The upcoming South West estate seeks to combat isolation by encouraging multi-generational interaction between those in the over 250-lot over-55s land lease section, and those in the 420-lot regular housing estate, through shared facilities such as a central clubhouse.
The two communities will also share a resort-style 25m heated pool, tennis courts, a cafe, gym, outdoor movie cinema, a childcare centre, event space, a picnic area, playing fields, community gardens, an orchard and animal farm.
The centrally-located over-55s section includes some seniors-only facilities, such as a pool and clubhouse, for when the older residents want a quiet retreat.
Everland chief executive Tao Bourton — who turned the first sod this month — said the model for multi-generational living followed best practice in Europe, which has long focused on combatting elder loneliness.
“The UK has appointed a Minister for Loneliness because it is recognised that loneliness is one of the biggest killers,” he said.
Mr Bourton said the estate made it easier for seniors to live and recreate alongside their own adult children and grandchildren.
While Arbour’s regular housing will sell green-title lots or house-and-land packages, the seniors section only sells pre-built homes under the land lease model, in which residents own the home but rent the land it sits on.
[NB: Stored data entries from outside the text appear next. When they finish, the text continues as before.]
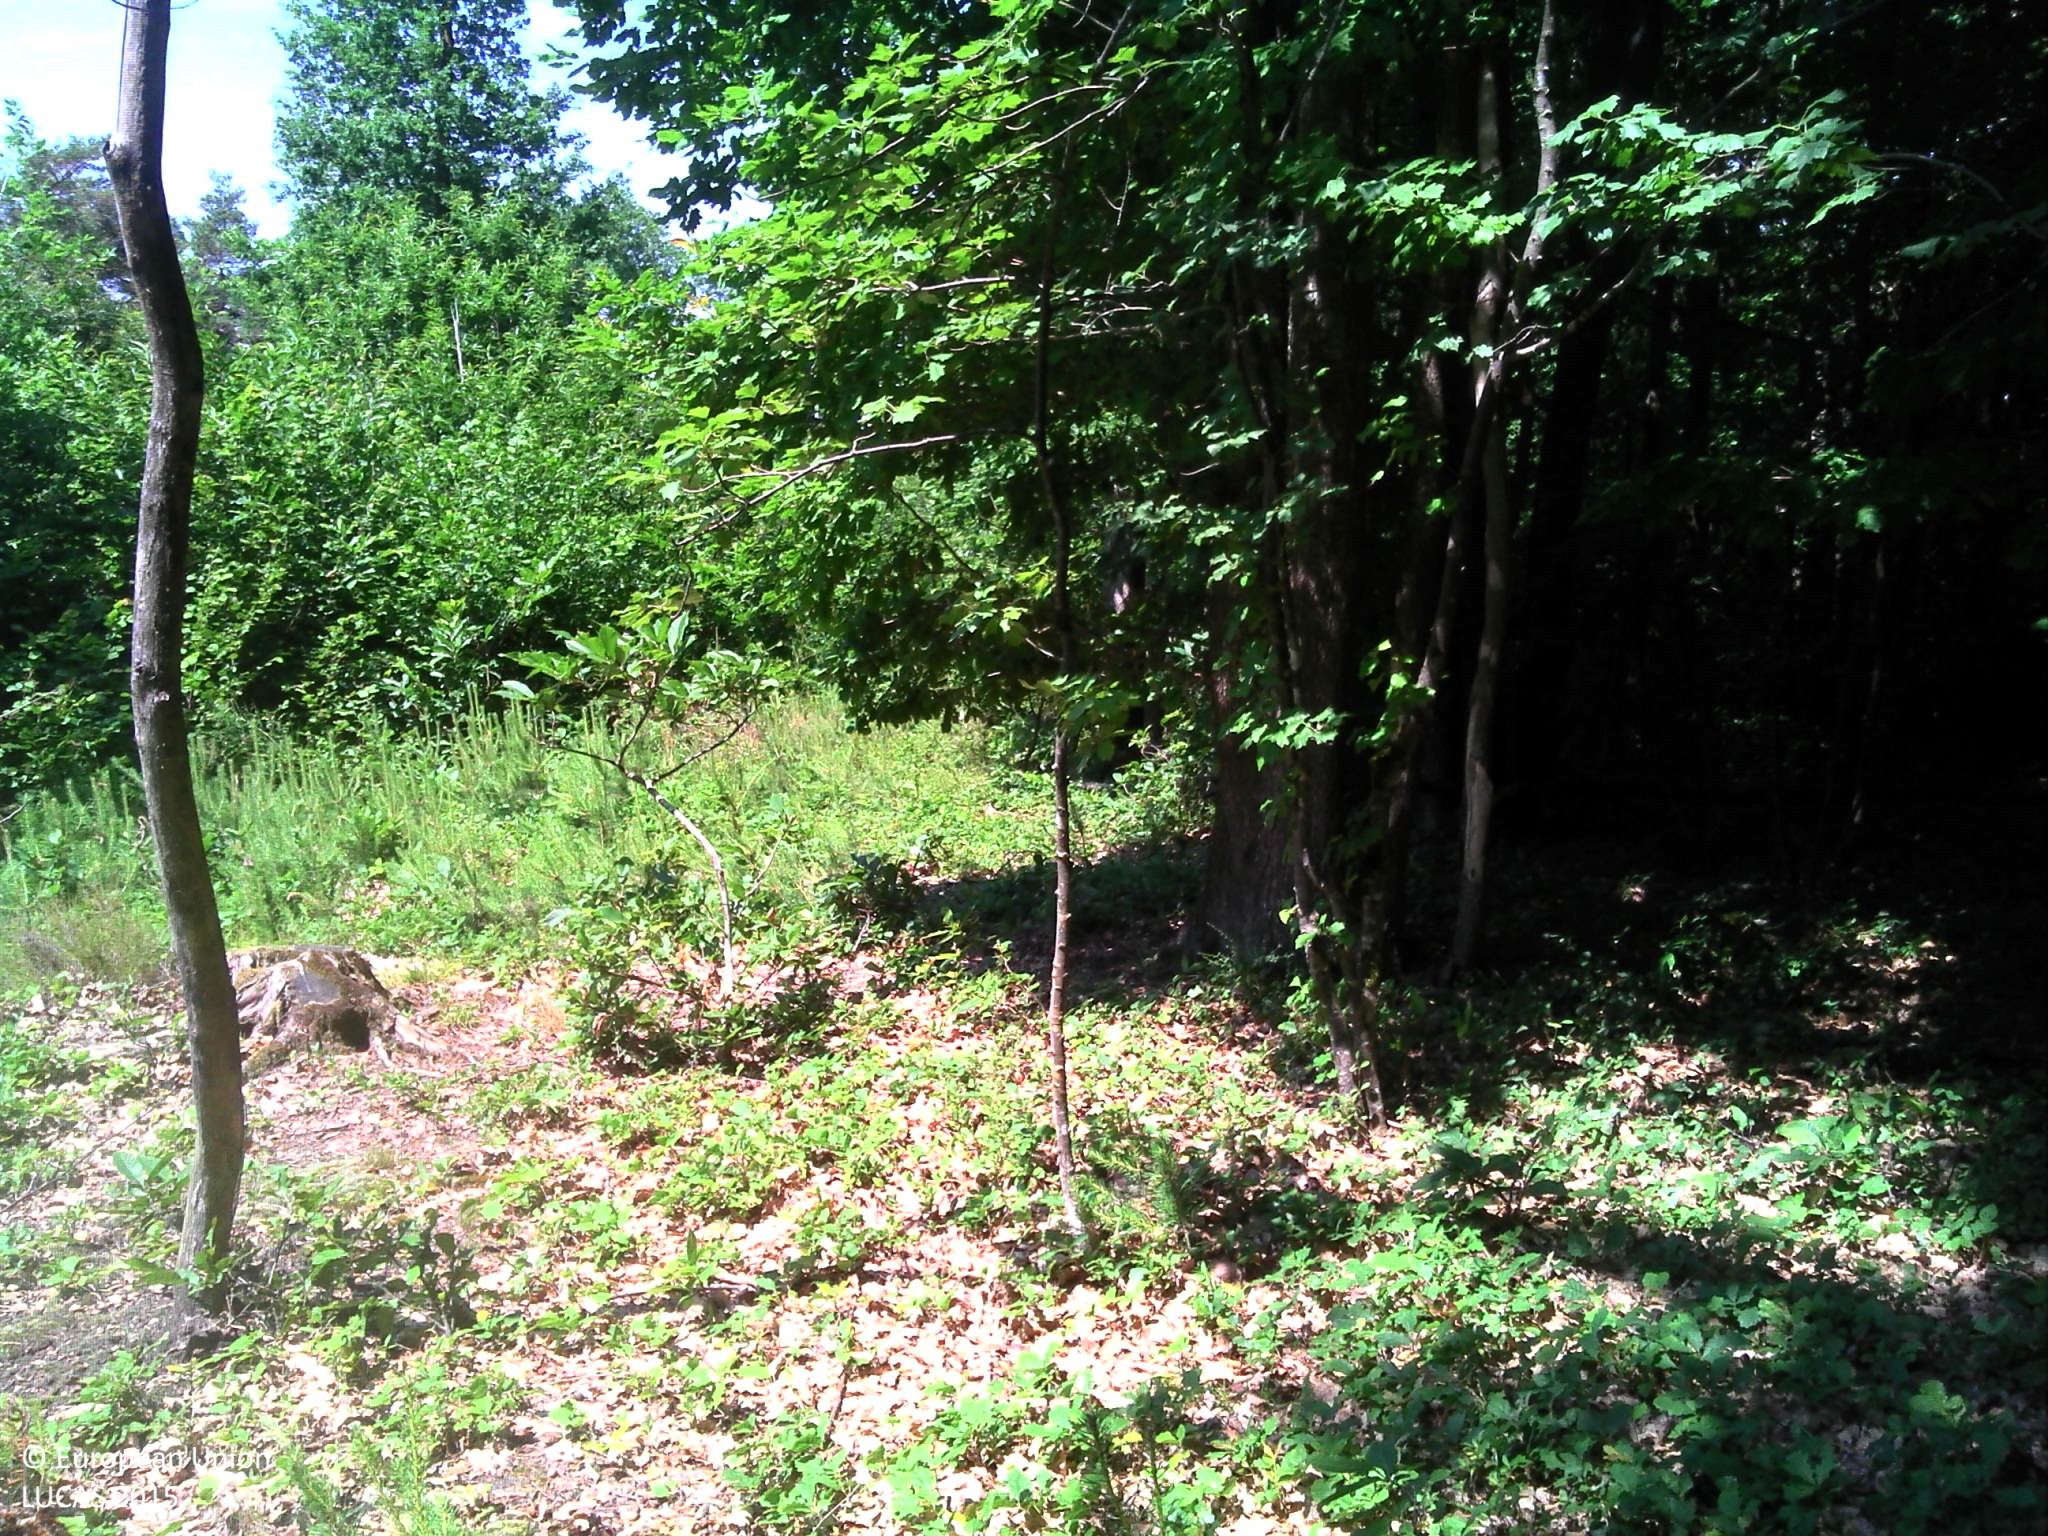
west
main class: Woodland
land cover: Broadleaved woodland
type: mesophytic deciduous forest
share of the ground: > 75 %
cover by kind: broadleaved forest trees 80 %, herbaceous plants 10 %, coniferous forest trees 5 %, lichens and mosses 5 %
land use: Forestry
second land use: Amenities, museums, leisure
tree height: > 5 m
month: June
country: FR
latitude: 47.4368
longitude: 0.7657
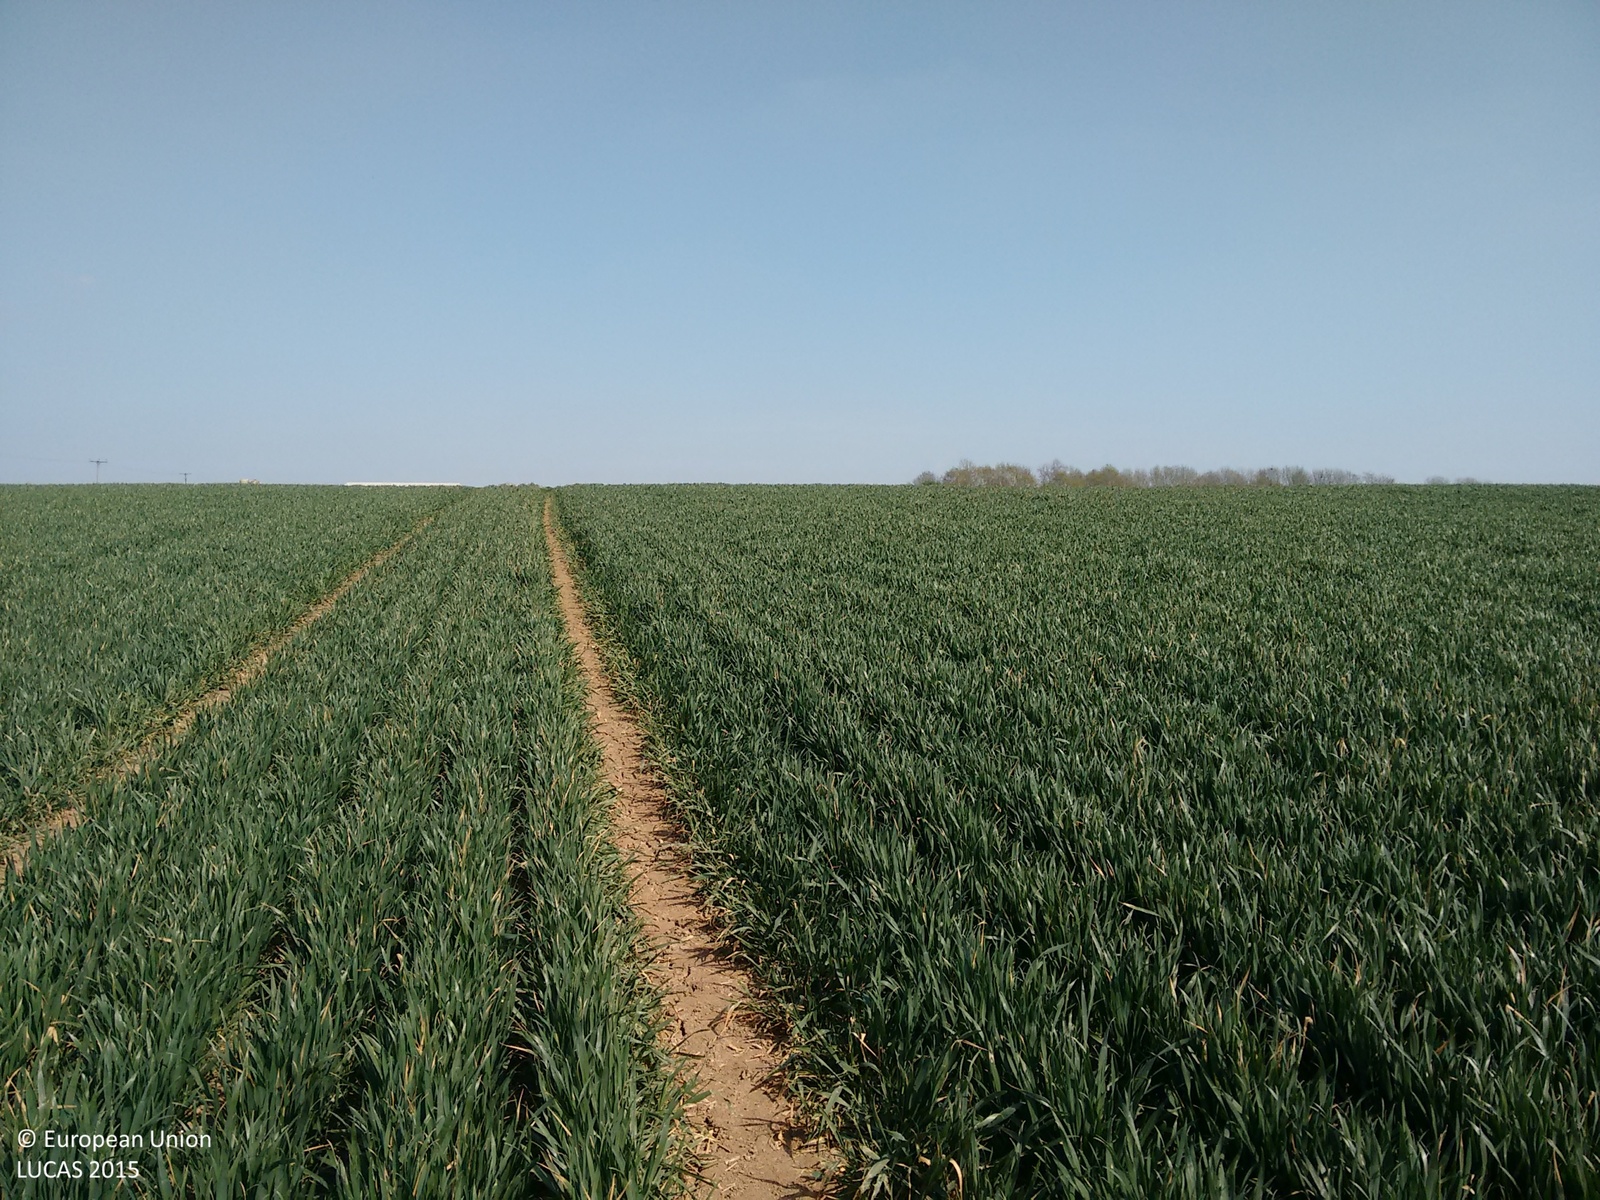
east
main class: Cropland
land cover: Common wheat
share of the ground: > 75 %
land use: Agriculture (excluding fallow land and kitchen gardens)
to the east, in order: Common wheat; Grass margins; Managed hedges; Fences; Grassland without tree/shrub cover
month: April
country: GB
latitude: 53.2914
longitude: -0.6759

Some may qualify for a governmental rental rebate. Leases of 60 to 90 years can be resold.
While in normal markets the value of houses tends to fall as land values rise, some east-coast based seniors in land leases models have managed to onsell at a profit during the recent construction boom.
Mr Bourton said the bigger size of the estate ensured a better range of amenities for seniors.
He said the traditional deferred fee model was inherently flawed because operators only got profits until people sold. “As a deferred management fee operator, you are analysing everyone’s age and health and basically wishing the ill health of people as your profit is linked to this,” he said.
“Land lease is 100 per cent the way of the future, in my opinion,” he said. “It’s aligned with consumers, and operators get a weekly rent.”
Stockland sold its deferred fee Retirement Living business to EQT for $987 million in 2022 and has expanded its lend lease villages under the Halycon brand, including one in WA and 21 in the east.